Exercise requirements
Set down each record below exactly as it stands. Pictures are not part of the copy.

*** Data records

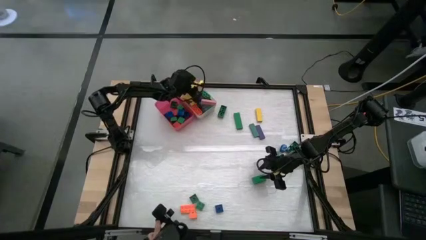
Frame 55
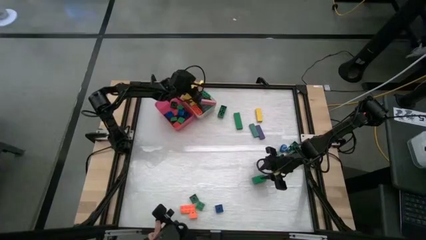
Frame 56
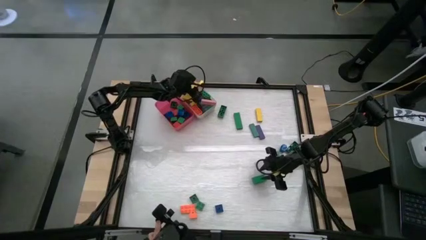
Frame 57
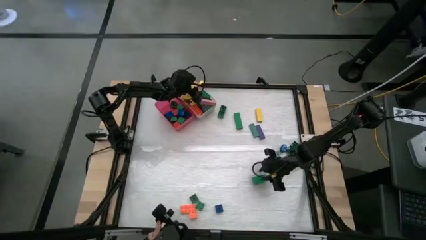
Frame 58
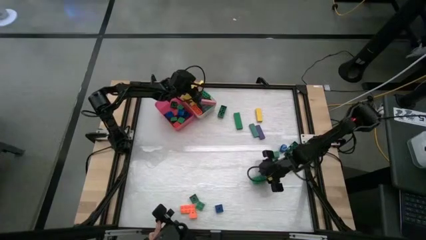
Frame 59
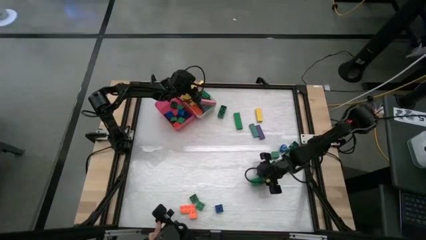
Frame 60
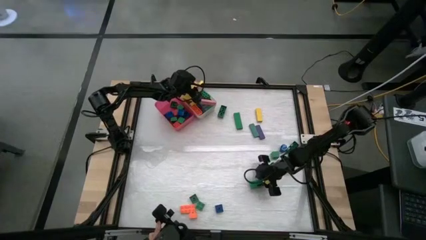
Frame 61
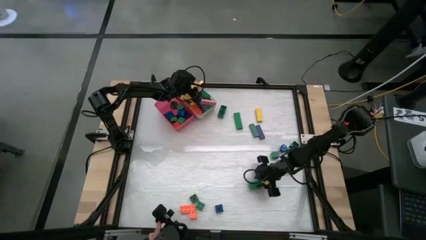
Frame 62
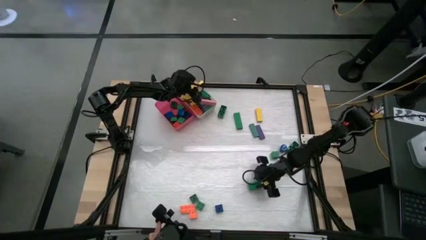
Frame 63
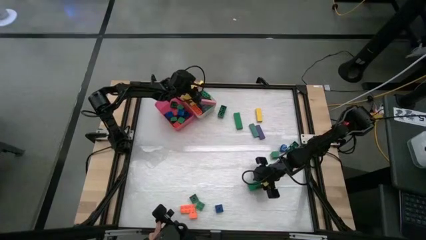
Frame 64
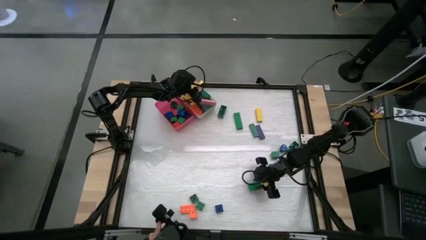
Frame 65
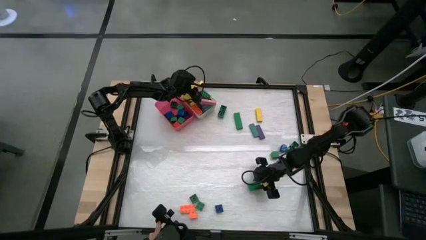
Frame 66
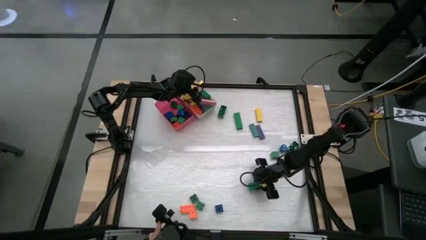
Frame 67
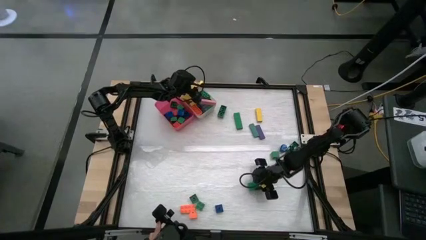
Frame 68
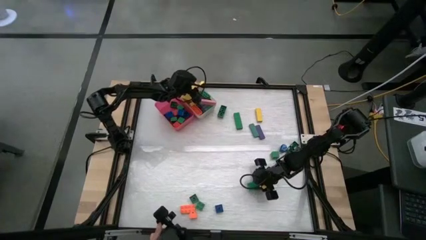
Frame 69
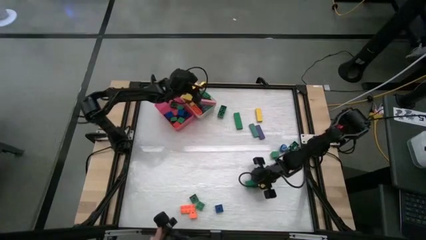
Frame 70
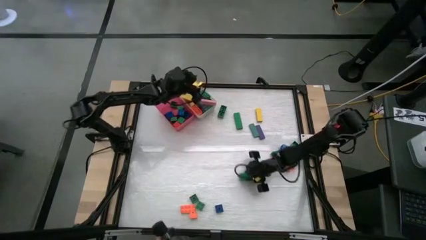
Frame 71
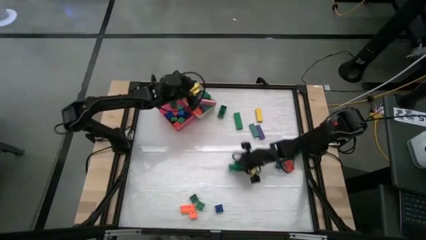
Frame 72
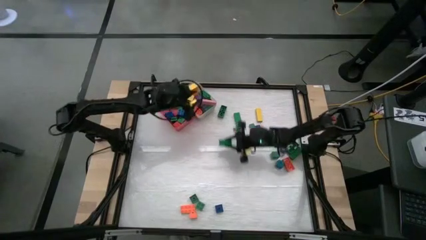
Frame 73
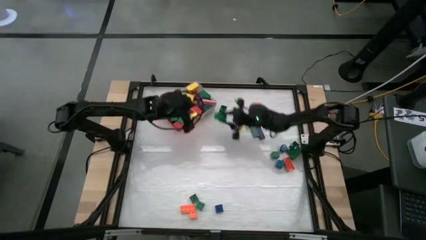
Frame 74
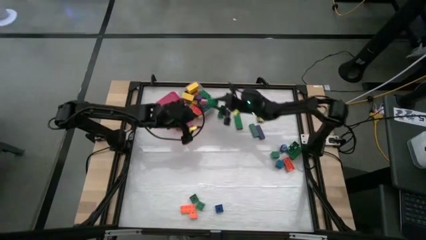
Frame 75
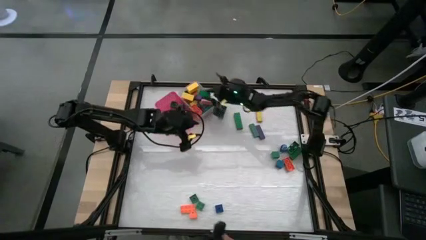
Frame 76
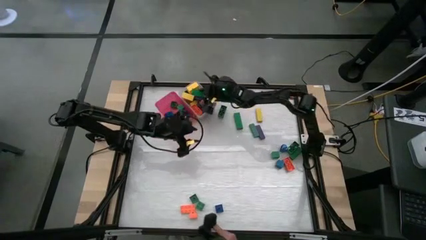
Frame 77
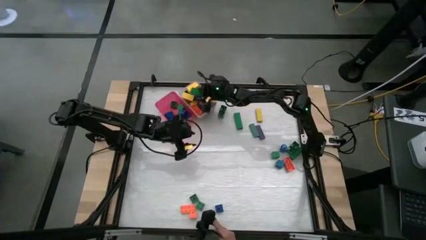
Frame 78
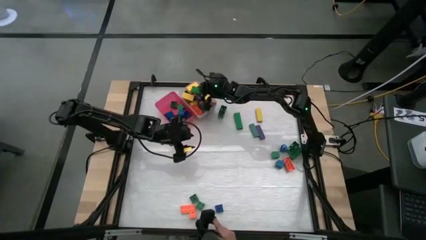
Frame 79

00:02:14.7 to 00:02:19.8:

******

Output for this exercise
Frame 55
Frame 56
Frame 57
Frame 58
Frame 59
Frame 60
Frame 61
Frame 62
Frame 63
Frame 64
Frame 65
Frame 66
Frame 67
Frame 68
Frame 69
Frame 70
Frame 71
Frame 72
Frame 73
Frame 74
Frame 75
Frame 76
Frame 77
Frame 78
Frame 79

00:02:14.7 to 00:02:19.8:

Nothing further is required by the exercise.